En Promised Land hace un planteamiento muy inteligente y rápido de la trama pero poco a poco se van descubriendo nuevas urdimbres y a medida que se van desenredando, van apareciendo más. Pareciera un esbozo demasiado complejo pero lo bonito del asunto es que sigue siendo sencillo, tal como cualquier peli de Van Sant. Es diferente a todas porque uno no puede apostar a ninguna resolución porque la mina y la destruye.

Matt Damon vuelve a hacer equipo con el realizador para interpretar a Steve Butler, un campesino oriundo Iowa en lo profundo del medio oeste norteamericano, que estudió negocios y se vinculo a la multinacional Global Crosspower Solutions. Esta corporación se encarga de hacer perforaciones en suelos estudiados en busca de yacimientos de gas y Butler es responsable de que en los pueblos se firmen los contratos y se saque el mejor provecho sobre las tierras explotadas.
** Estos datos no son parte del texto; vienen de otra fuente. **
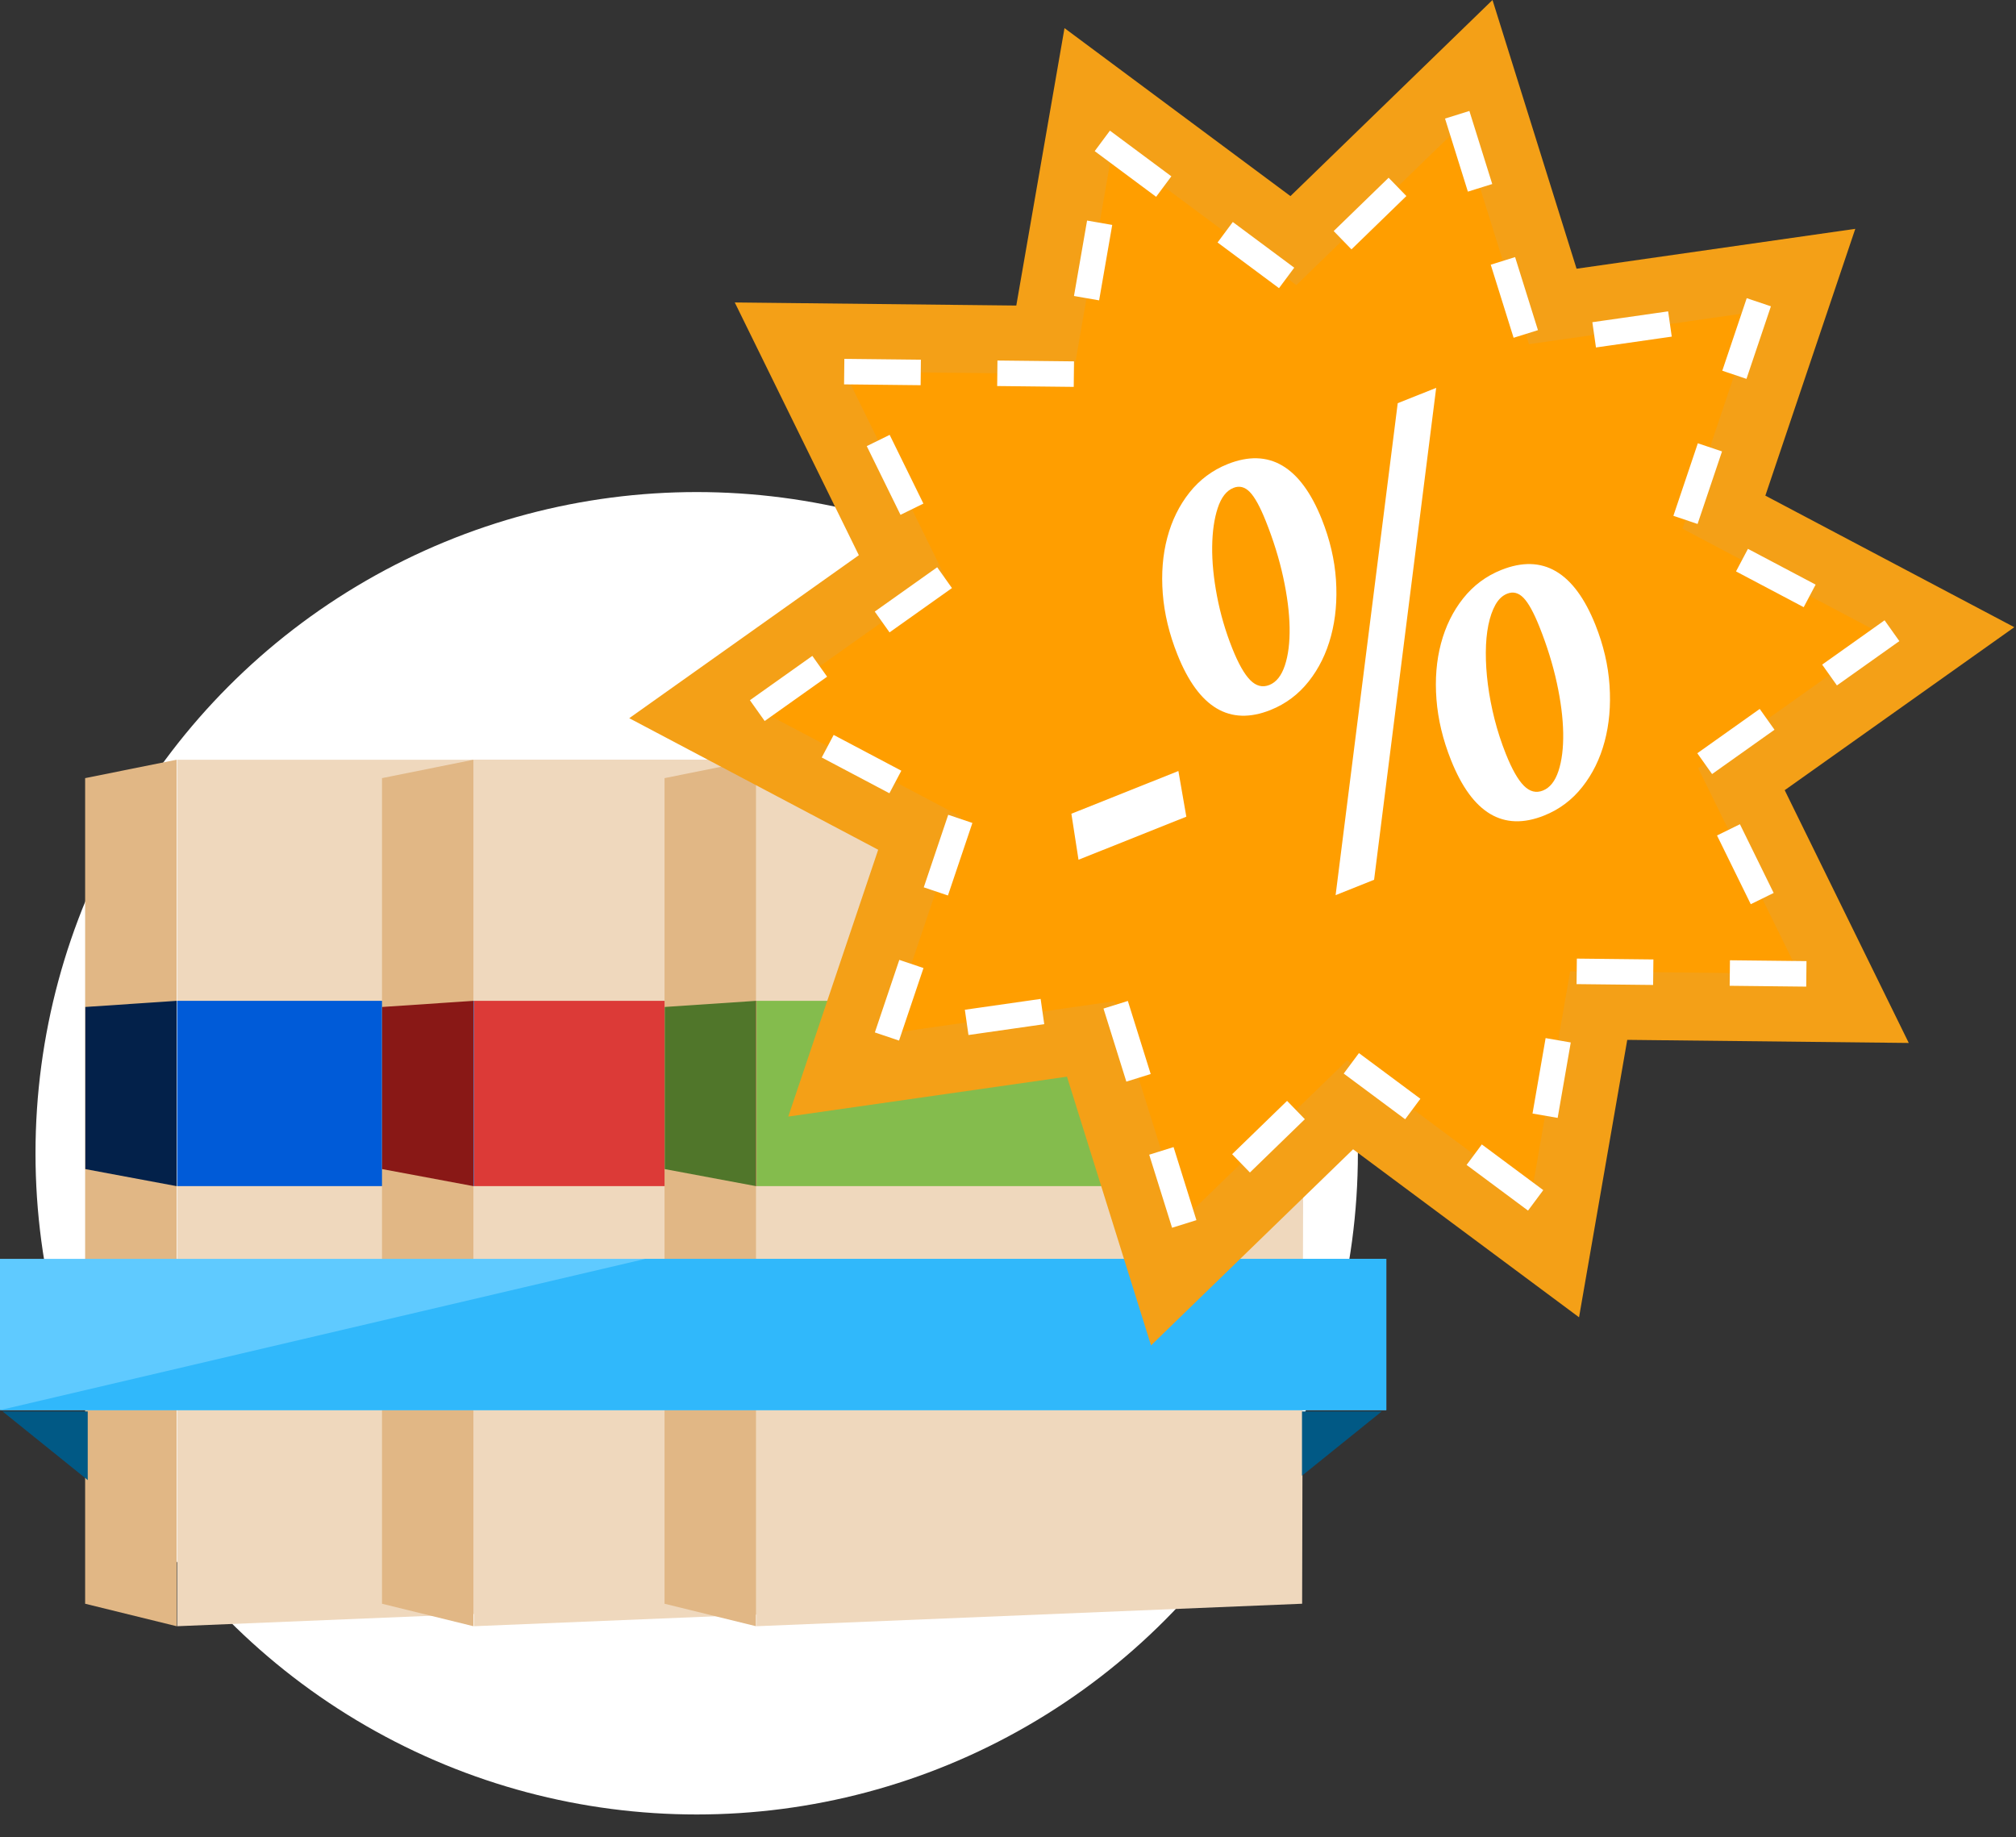 <?xml version="1.0" encoding="UTF-8" standalone="no"?><!DOCTYPE svg PUBLIC "-//W3C//DTD SVG 1.1//EN" "http://www.w3.org/Graphics/SVG/1.1/DTD/svg11.dtd"><svg width="100%" height="100%" viewBox="0 0 79 72" version="1.1" xmlns="http://www.w3.org/2000/svg" xmlns:xlink="http://www.w3.org/1999/xlink" xml:space="preserve" xmlns:serif="http://www.serif.com/" style="fill-rule:evenodd;clip-rule:evenodd;stroke-linecap:square;stroke-linejoin:round;stroke-miterlimit:1.5;"><rect x="0" y="0" width="79" height="72" fill="#333333" stroke="none"/><g><g><circle cx="27.301" cy="45.192" r="25.91" style="fill:#fff;"/><g><path d="M6.92,29.771l-3.584,0.721l0,32.352l3.584,0.881l-0,-33.954Z" style="fill:#e1b785;"/><path d="M28.401,29.771l-0.08,33.073l-21.381,0.881l-0,-33.954l21.461,0Z" style="fill:#efd8bd;"/><rect x="6.94" y="39.219" width="21.434" height="7.26" style="fill:#005bd8;"/><path d="M3.343,39.459l3.577,-0.24l-0,7.261l-3.577,-0.668l-0,-6.353Z" style="fill:#03214a;"/></g><g><path d="M18.552,29.771l-3.583,0.721l-0,32.352l3.583,0.881l0,-33.954Z" style="fill:#e1b785;"/><path d="M40.033,29.771l-0.08,33.073l-21.381,0.881l0,-33.954l21.461,0Z" style="fill:#efd8bd;"/><rect x="18.572" y="39.219" width="21.434" height="7.26" style="fill:#dc3a37;"/><path d="M14.975,39.459l3.577,-0.24l0,7.261l-3.577,-0.668l0,-6.353Z" style="fill:#891816;"/></g><g><path d="M29.625,29.771l-3.584,0.721l0,32.352l3.584,0.881l-0,-33.954Z" style="fill:#e1b785;"/><path d="M51.106,29.771l-0.08,33.073l-21.381,0.881l-0,-33.954l21.461,0Z" style="fill:#efd8bd;"/><rect x="29.645" y="39.219" width="21.434" height="7.26" style="fill:#84bc4d;"/><path d="M26.048,39.459l3.577,-0.24l-0,7.261l-3.577,-0.668l-0,-6.353Z" style="fill:#50762a;"/></g><rect x="0" y="49.33" width="54.324" height="5.927" style="fill:#5fcaff;"/><path d="M25.289,49.33l29.035,0l0,5.927l-54.324,0l25.289,-5.927Z" style="fill:#30b8fb;"/><path d="M3.438,57.998l0,-2.69l-3.338,-0l3.338,2.69Z" style="fill:#015985;"/><path d="M51.021,57.826l-0,-2.518l3.125,-0l-3.125,2.518Z" style="fill:#015985;"/></g><g><path d="M41.714,1.102l8.854,6.582l7.918,-7.684l3.294,10.53l10.922,-1.563l-3.524,10.455l9.755,5.155l-8.997,6.387l4.862,9.905l-11.032,-0.121l-1.889,10.871l-8.854,-6.583l-7.918,7.685l-3.294,-10.53l-10.922,1.563l3.524,-10.456l-9.755,-5.155l8.997,-6.387l-4.862,-9.904l11.032,0.121l1.889,-10.871Z" style="fill:#f4a017;"/><path d="M43.597,5.819l7.201,5.354l6.438,-6.25l2.679,8.564l8.882,-1.272l-2.865,8.503l7.933,4.192l-7.317,5.194l3.954,8.055l-8.972,-0.098l-1.536,8.84l-7.201,-5.353l-6.438,6.249l-2.679,-8.563l-8.882,1.271l2.866,-8.502l-7.933,-4.193l7.316,-5.194l-3.954,-8.054l8.972,0.098l1.536,-8.841Z" style="fill:#ff9e00;stroke:#fff;stroke-width:1px;stroke-dasharray:2,4,0,0;"/><g><path d="M42.263,33.69l-0.279,-1.803l4.193,-1.674l0.311,1.79l-4.225,1.687Z" style="fill:#fff;fill-rule:nonzero;"/><path d="M48.105,18.187c0.813,-0.325 1.529,-0.305 2.145,0.059c0.617,0.364 1.133,1.066 1.548,2.105c0.316,0.793 0.501,1.583 0.554,2.37c0.052,0.787 -0.012,1.52 -0.193,2.198c-0.181,0.679 -0.473,1.273 -0.875,1.782c-0.403,0.51 -0.902,0.883 -1.497,1.121c-1.599,0.638 -2.815,-0.085 -3.647,-2.17c-0.322,-0.807 -0.514,-1.604 -0.575,-2.392c-0.061,-0.788 -0.002,-1.519 0.177,-2.192c0.179,-0.674 0.469,-1.263 0.87,-1.768c0.401,-0.504 0.898,-0.875 1.493,-1.113Zm0.181,7.214c0.24,0.602 0.476,1.019 0.708,1.252c0.231,0.232 0.48,0.295 0.747,0.189c0.273,-0.109 0.476,-0.365 0.609,-0.767c0.133,-0.401 0.195,-0.897 0.185,-1.488c-0.01,-0.59 -0.094,-1.246 -0.251,-1.968c-0.157,-0.722 -0.385,-1.455 -0.682,-2.2c-0.224,-0.561 -0.433,-0.941 -0.628,-1.141c-0.194,-0.199 -0.408,-0.253 -0.64,-0.16c-0.273,0.109 -0.479,0.373 -0.617,0.793c-0.137,0.419 -0.209,0.924 -0.216,1.513c-0.007,0.589 0.056,1.233 0.189,1.933c0.133,0.7 0.332,1.381 0.596,2.044Zm5.56,9.074l-1.508,0.602l2.434,-19.277l1.507,-0.602l-2.433,19.277Zm4.984,-12.141c0.813,-0.325 1.528,-0.307 2.143,0.054c0.616,0.361 1.131,1.06 1.546,2.099c0.316,0.793 0.501,1.583 0.553,2.371c0.053,0.787 -0.011,1.52 -0.192,2.198c-0.181,0.679 -0.473,1.273 -0.876,1.782c-0.402,0.51 -0.901,0.883 -1.496,1.12c-1.599,0.639 -2.815,-0.084 -3.647,-2.169c-0.32,-0.8 -0.51,-1.594 -0.571,-2.382c-0.061,-0.788 -0.002,-1.519 0.177,-2.192c0.179,-0.674 0.469,-1.263 0.87,-1.768c0.401,-0.504 0.898,-0.875 1.493,-1.113Zm0.177,7.204c0.24,0.602 0.476,1.019 0.708,1.251c0.231,0.233 0.48,0.296 0.747,0.189c0.273,-0.109 0.476,-0.364 0.609,-0.766c0.133,-0.402 0.194,-0.898 0.185,-1.488c-0.01,-0.59 -0.093,-1.245 -0.249,-1.963c-0.156,-0.718 -0.383,-1.45 -0.68,-2.195c-0.224,-0.561 -0.433,-0.941 -0.628,-1.141c-0.194,-0.199 -0.408,-0.253 -0.64,-0.16c-0.185,0.074 -0.337,0.218 -0.458,0.432c-0.12,0.215 -0.212,0.479 -0.277,0.794c-0.064,0.315 -0.098,0.674 -0.1,1.075c-0.002,0.401 0.025,0.822 0.082,1.263c0.057,0.44 0.144,0.891 0.26,1.352c0.117,0.46 0.264,0.913 0.441,1.357Z" style="fill:#fff;fill-rule:nonzero;"/></g></g></g></svg>

La trama se plantea en un pueblito de Pensilvania donde Butler y su equipo (Frances McDormand) llegan a vender dichos contratos. Tienen un modus operandi establecido, han logrado que el 60% del pueblo los firme, tienen a los políticos ganados pero un sector de los vecinos, liderados por Hal Holbrook, un viejo ingeniero del MIT y ahora maestro de la secundaria local se opone al proyecto. A esto se suma la llegada de un ambientalista interpretado por John Krasinski que le sube el fuego a la confrontación.

La historia es interesante porque en algún momento uno entiende que el personaje de Damon es el malo del paseo, pero es la persona con la que uno empezó la historia, entonces cuando por ejemplo se insinúa con Rosemarie DeWitt, uno le hace fuerza, uno espera que todo le salga bien y uno cree en que su discurso es una salvación para todos en el municipio. Además Krasinski así sea un verde ecologista, cae mal. Mi tema además con Krasinski es personal desde que supe que se casó con Emily Blunt. Lo odio. No lo puedo ver en pantalla jejeje 😉

Promised Land me gustó por su fuerte contenido político. No es la historia melodrmática de Van Sant sino es una exploración un poco más social de lo que viene sucediendo con estas corporaciones en Estados Unidos -recomiendo ver el documental The Last Mountain dirigido por Bill Haney-.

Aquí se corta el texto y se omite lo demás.